Re: [PATCH 2/4] i386: Align branches within a fixed boundary
On 03.12.2019 20:02, H.J. Lu wrote:
> +static int
> +maybe_fused_with_jcc_p (void)
> +{
> + /* No RIP address. */
> + if (i.base_reg && i.base_reg->reg_num == RegIP)
> + return 0;
> +
> + /* and, add, sub with destination register. */
> + if ((i.tm.base_opcode | 5) == 0x25
> + || (i.tm.base_opcode | 5) == 0x5
> + || (i.tm.base_opcode >= 0x28 && i.tm.base_opcode <= 0x2d)
Why not the same "| 5" approach here as above? And why then not
further fold AND and SUB (using "| 0xd" along the lines of ...
> + || ((i.tm.base_opcode | 3) == 0x83
> + && ((i.tm.extension_opcode | 1) == 0x5
... this?
> + || i.tm.extension_opcode == 0x0)))
> + return (i.types[1].bitfield.class == Reg
> + || i.types[1].bitfield.instance == Accum);
> +
> + /* test, cmp with any register. */
> + if ((i.tm.base_opcode | 1) == 0x85
> + || (i.tm.base_opcode | 1) == 0xa9
> + || (i.tm.base_opcode | 1) == 0xf7
This needs further qualification by extension opcode, to avoid
covering not, neg, mul, etc.
> + || (i.tm.base_opcode >= 0x38 && i.tm.base_opcode <= 0x3d)

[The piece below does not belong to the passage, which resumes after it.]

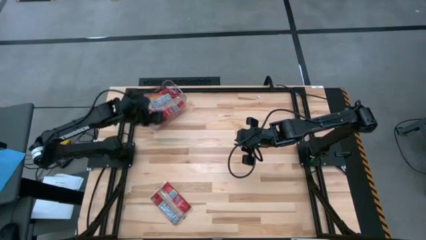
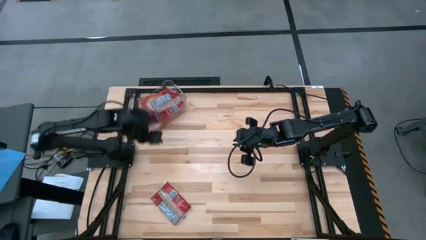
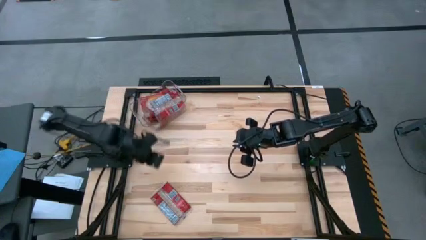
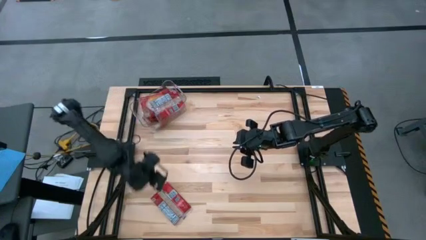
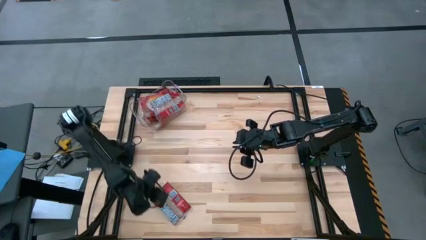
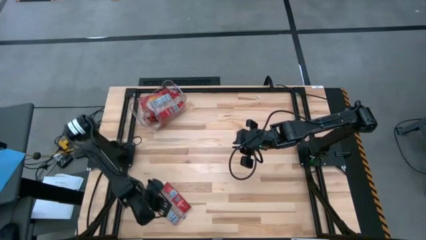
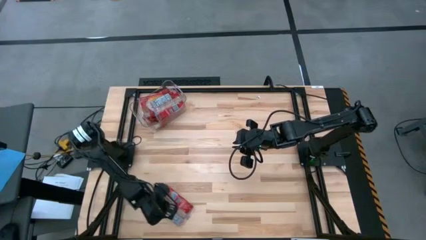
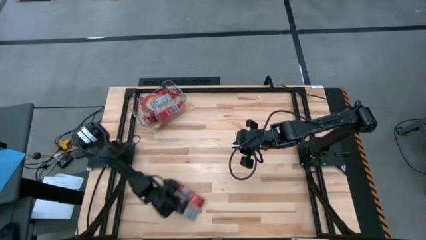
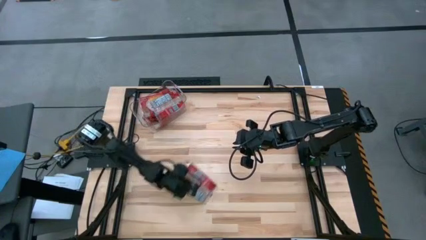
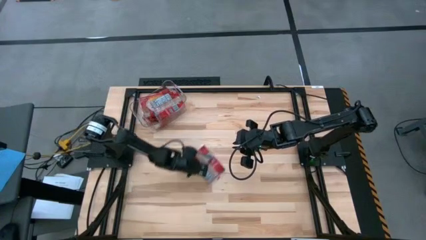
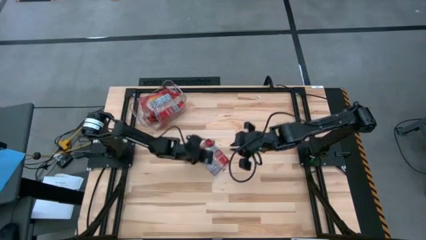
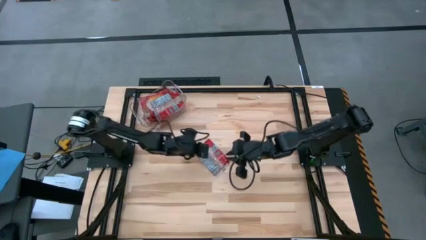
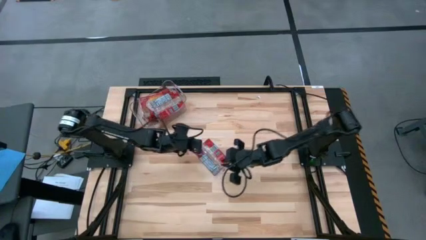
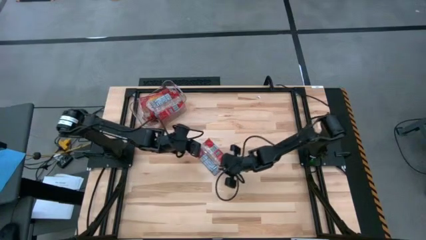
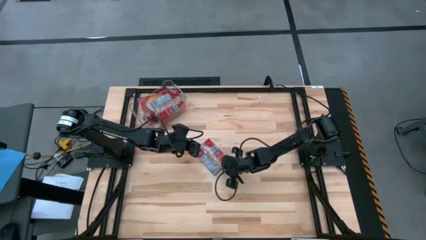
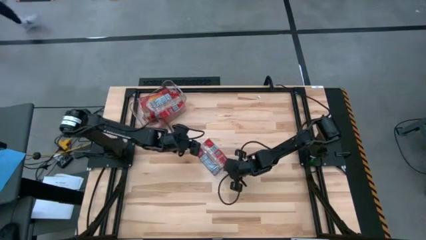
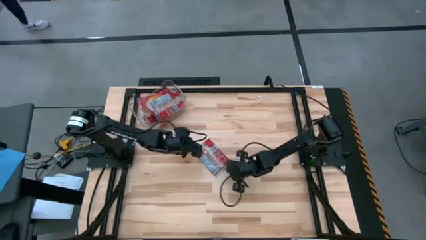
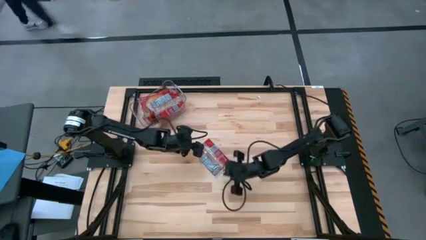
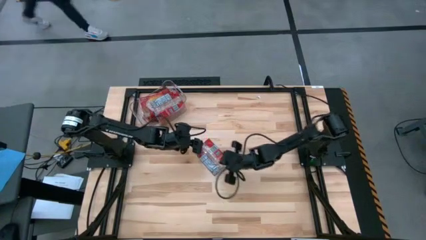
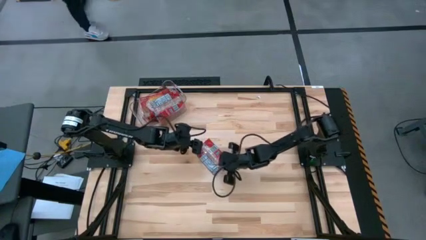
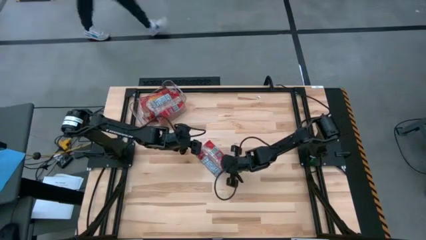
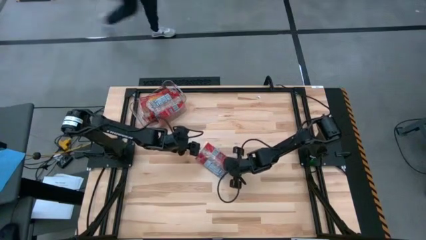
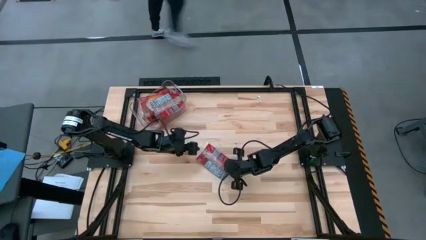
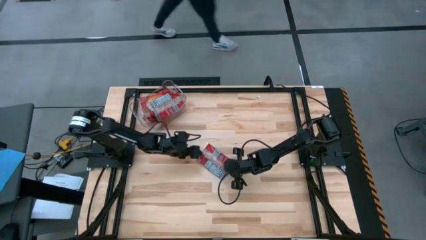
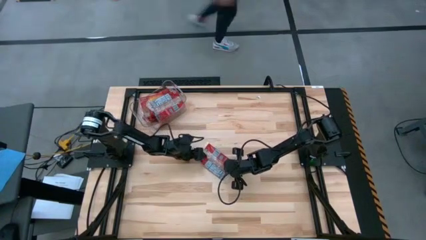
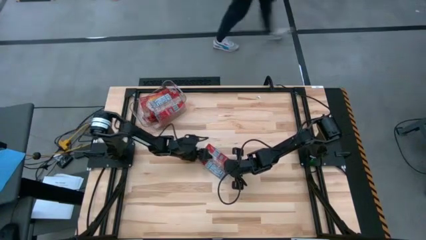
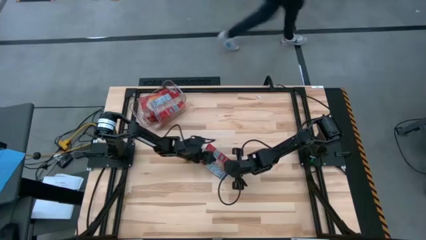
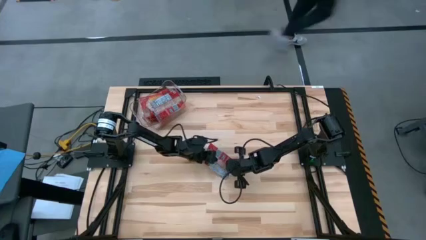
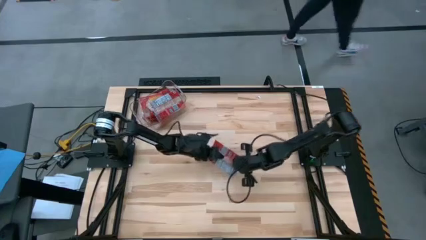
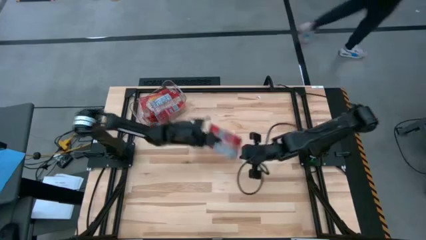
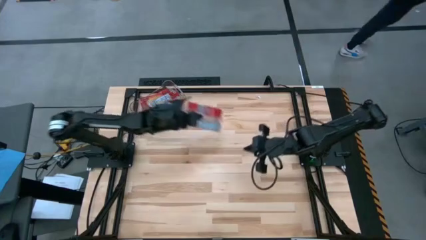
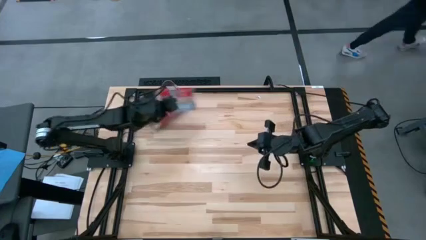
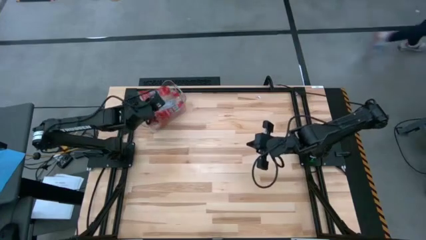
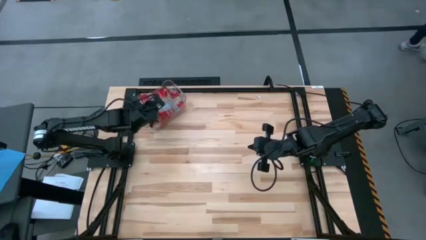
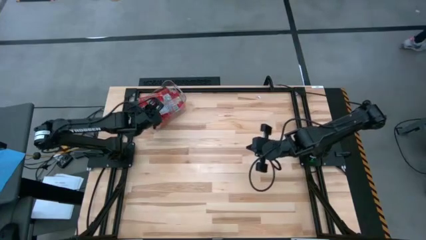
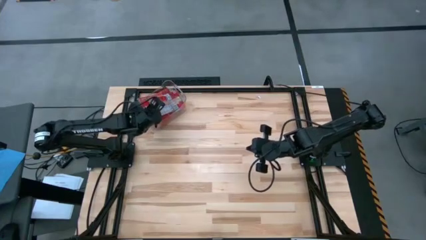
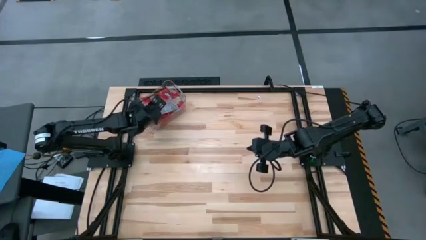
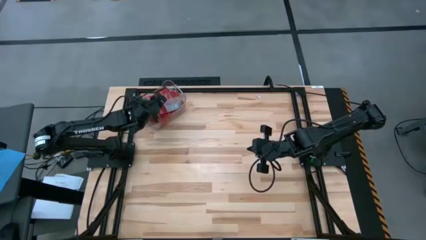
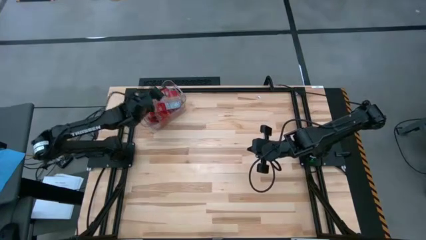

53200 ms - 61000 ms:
Task: Sort popcorn bags into baskets
Put the red popcorn bag into the transparent bin

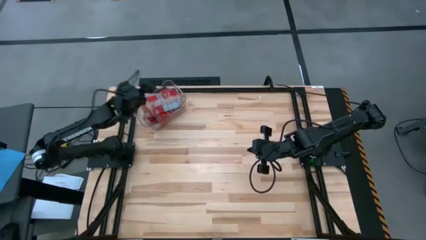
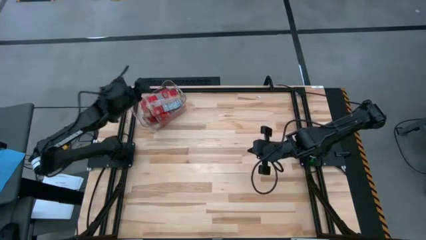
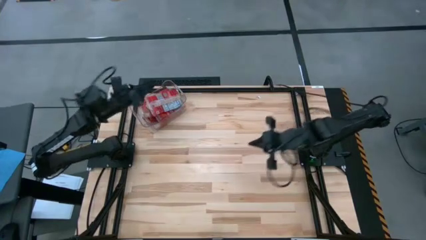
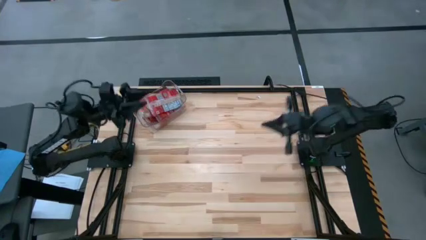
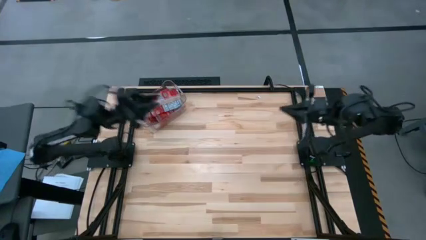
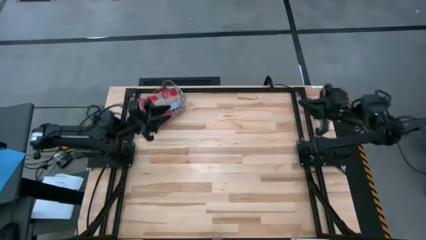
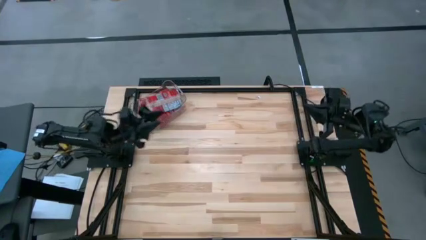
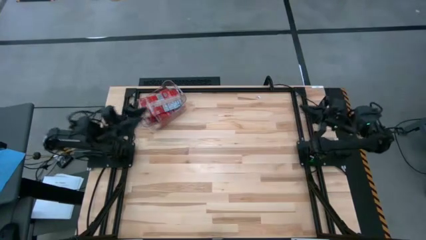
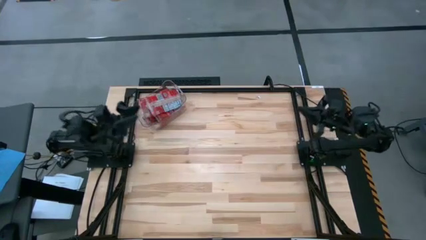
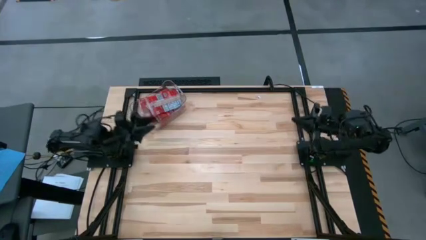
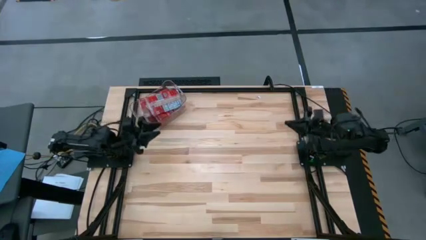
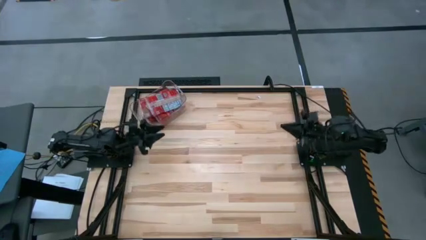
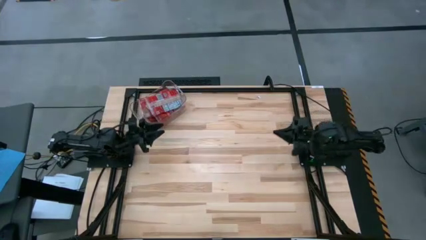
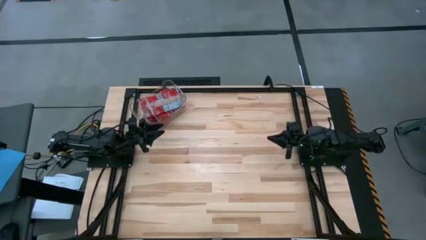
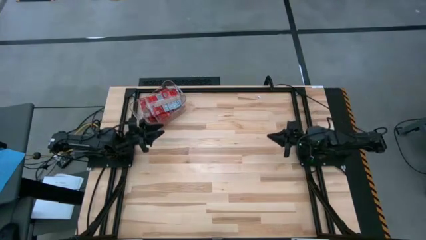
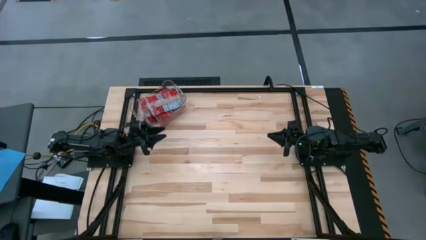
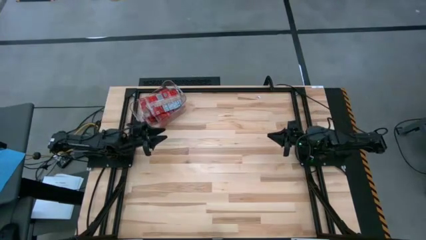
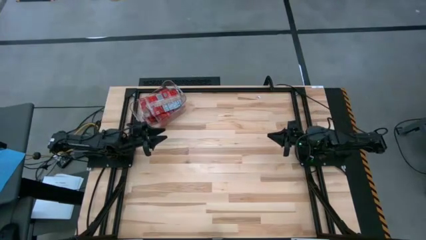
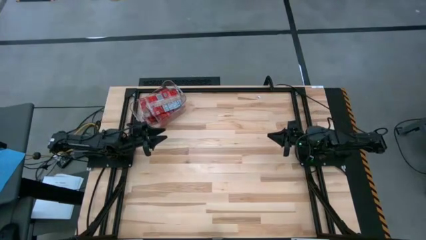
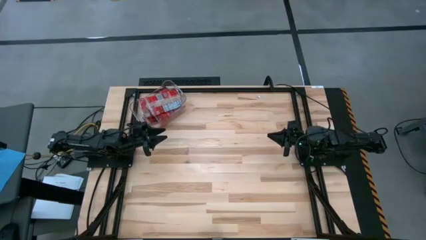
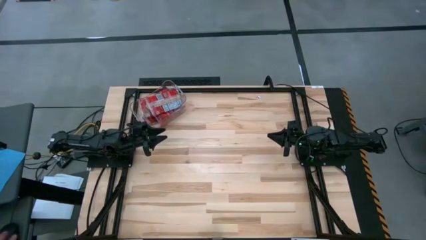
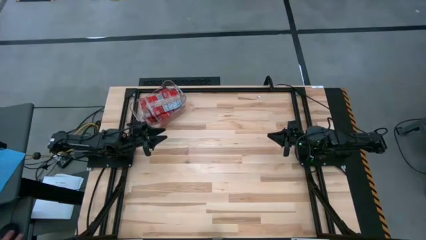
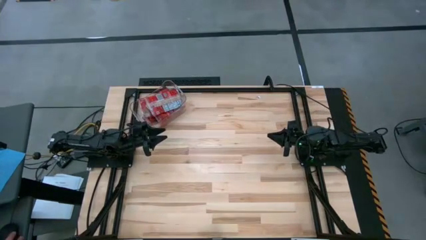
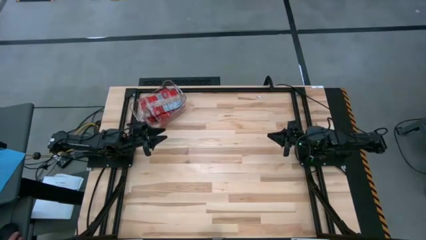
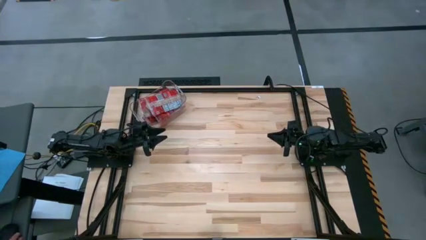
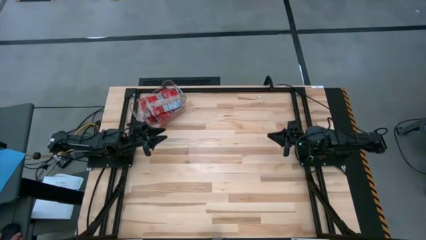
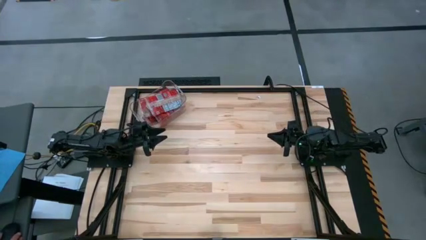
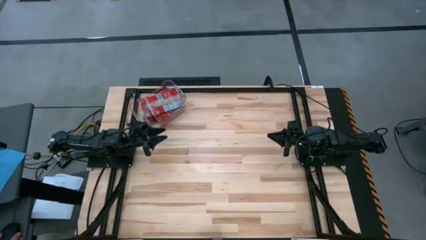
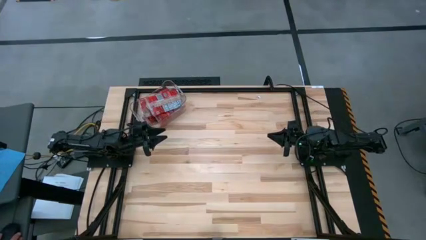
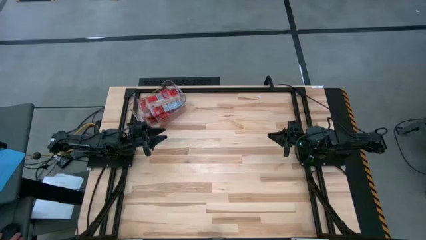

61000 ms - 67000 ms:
Return to Home Position

Along the lines of the above use "| 7" here, seeing that ...
> + || ((i.tm.base_opcode | 3) == 0x83
> + && (i.tm.extension_opcode == 0x7)))
> + return (i.types[0].bitfield.class == Reg
> + || i.types[0].bitfield.instance == Accum
> + || i.types[1].bitfield.class == Reg
> + || i.types[1].bitfield.instance == Accum);
... this will also be correct (returning 0) for AAS?
Also, for any of the checks here (and just like now done in
add_branch_padding_frag_p()) - wouldn't you better exclude VEX
and alike encoding up front. I didn't check whether there currently
are conflicting encodings, but new ones appearing would likely go
unnoticed as far as this code is concerned.
> +static int
> +add_branch_prefix_frag_p (void)
> +{
> + /* NB: Don't work with COND_JUMP86 without i386. Don't add prefix
> + to PadLock instructions since they include prefixes in opcode. */
> + if (!align_branch_power
> + || now_seg == absolute_section
> + || i.tm.cpu_flags.bitfield.cpupadlock
I continue to question this: PadLock insns are no different to legacy
encoded SSE ones, and even some newer GPR ones. Why don't you instead
check i.tm.base_opcode >> (8 * i.tm.opcode_bytes) to be (non-)zero?
> + || !cpu_arch_flags.bitfield.cpui386)
> + return 0;
> +
> + /* Don't add prefix if it is a prefix or there is no operand. */
> + if (!i.operands || i.tm.opcode_modifier.isprefix)
> + return 0;
Why is there not being any operand a reason to avoid adding prefixes?
> +static int
> +add_branch_padding_frag_p (enum align_branch_kind *branch_p)
> +{
> + int add_padding;
> +
> + /* NB: Don't work with COND_JUMP86 without i386. */
> + if (!align_branch_power
> + || now_seg == absolute_section
> + || !cpu_arch_flags.bitfield.cpui386)
> + return 0;
> +
> + add_padding = 0;
> +
> + /* Check for jcc and direct jmp. */
> + if (i.tm.opcode_modifier.jump == JUMP)
> + {
> + if (i.tm.base_opcode == JUMP_PC_RELATIVE)
> + {
> + *branch_p = align_branch_jmp;
> + add_padding = align_branch & align_branch_jmp_bit;
> + }
> + else
> + {
> + *branch_p = align_branch_jcc;
> + if ((align_branch & align_branch_jcc_bit))
Extra pair of parentheses (more similar instances further down
in this function).
> @@ -8471,9 +8806,75 @@ output_insn (void)
> if (j > 15)
> as_warn (_("instruction length of %u bytes exceeds the limit of 15"),
> j);
> + else if (fragP)
> + {
> + /* NB: Don't add prefix with GOTPC relocation since
> + output_disp() above depends on the fixed encoding
> + length. Can't add prefix with TLS relocation since
> + it breaks TLS linker optimization. */
> + unsigned int max = i.has_gotpc_tls_reloc ? 0 : 15 - j;
> + /* Prefix count on the current instruction. */
> + unsigned int count = !!is_any_vex_encoding (&i.tm);
How come VEX and alike count as exactly one byte worth of prefixes?
Jan